I know this kind of thing is a reality, and it happens, but that certainly does not make it right. And it is definitely not something any parent should be sitting back and condoning.

I get that there is another side to the issue, as the PP about owning a small business pointed out, but not hiring someone is completely different than firing someone for a "what if". (I'm not saying the discrimination is OK...it's a topic for another thread.) Fire away if the employee is not getting the job done, coming in late, leaving early, missing days, falling asleep at his desk because of all of those nights of missed sleep, etc... But firing an employee because he has a baby at home, OUTRAGEOUS!

OP, I'm sorry you are experiencing such during this time of joy.
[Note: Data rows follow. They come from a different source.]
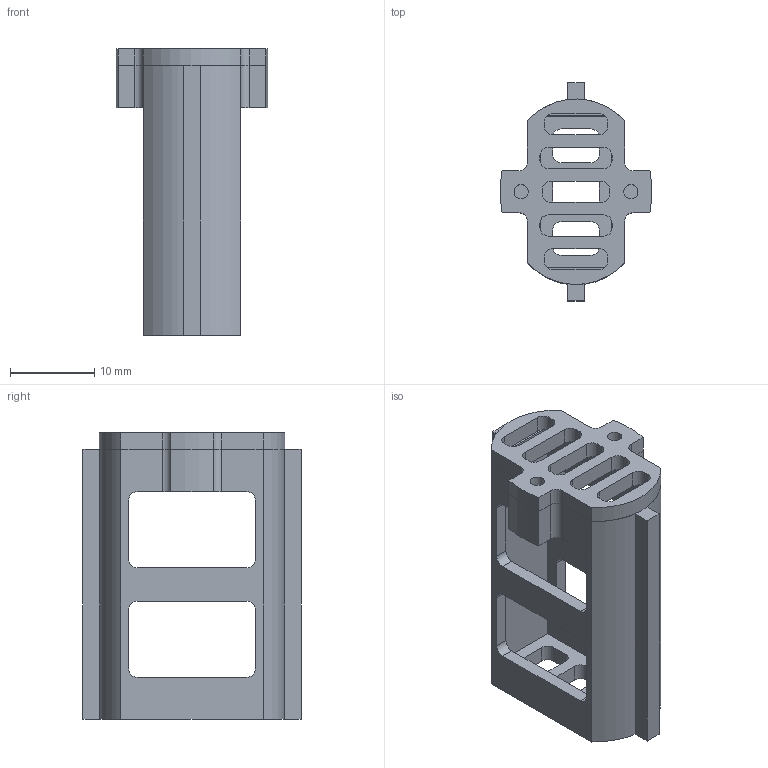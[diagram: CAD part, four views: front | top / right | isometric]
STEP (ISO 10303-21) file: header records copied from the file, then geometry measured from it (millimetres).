
FILE_DESCRIPTION(/* description */ ('STEP AP242','CAx-IF Rec.Pracs.---Representation and Presentation of Product Manufacturing Information (PMI)---4.0---2014-10-13','CAx-IF Rec.Pracs.---3D Tessellated Geometry---0.4---2014-09-14','2;1'),/* implementation_level */ '2;1');
FILE_NAME(/* name */ '66d26ea56693f1622a0207bc',/* time_stamp */ '2024-08-31T01:15:18Z',/* author */ (''),/* organization */ (''),/* preprocessor_version */ 'ST-DEVELOPER v20',/* originating_system */ ' ',/* authorisation */ ' ');
FILE_SCHEMA (('AP242_MANAGED_MODEL_BASED_3D_ENGINEERING_MIM_LF { 1 0 10303 442 1 1 4 }'));
Length unit declared in the file: metre
Products named in the file (2): Part 2; Part 1
Bounding box: 17.95 x 25.86 x 34 mm (x, y, z)
Volume: 2726.3 mm3; surface area: 4277.9 mm2
Topology: 2 solids, 2 shells, 149 faces, 432 edges, 288 vertices
Faces by surface type: plane 79, cylinder 64, bspline 6
Full cylindrical faces by diameter (mm): 1.7 x4
Entity records: 5058 total; most frequent: CARTESIAN_POINT 913, DIRECTION 858, ORIENTED_EDGE 856, EDGE_CURVE 428, LINE 288, VECTOR 288, VERTEX_POINT 288, AXIS2_PLACEMENT_3D 285

Congratulations on the (soon to be) new baby. You are about to experience love on a whole new level.


no joke! I'm a sahm and I think its appauling on both stories firing and hiring someone, not to mention pretty much illegal and total discrimination. People think they can get away with it because the people cant prove it, talk about terrible business ethics (both situations mentioned). I've heard that a lot of companies are using BS reasons to fire people right now though and this sounds like a case of that...there was an article about it on the aol main pages yesterday.
post #20 of 47
Quote:
Originally Posted by MusicianDad View Post
Both of those...

As for being to distracted to work because you have a new baby. DH certainly isn't too distracted to work because of DS. I'm starting to feel a little antsy about being home all day and I'm looking forward to going back to work. Not because I don't like being a dad, but because I do like to work.

I really cannot support discriminating against someone just because they might get pregnant or are pregnant. Whether you get or keep a job should be based on how well you can do the job, not on some "what if" that may never even happen.

yeah that too, pregnancy discrimination is just as bad in my eyes.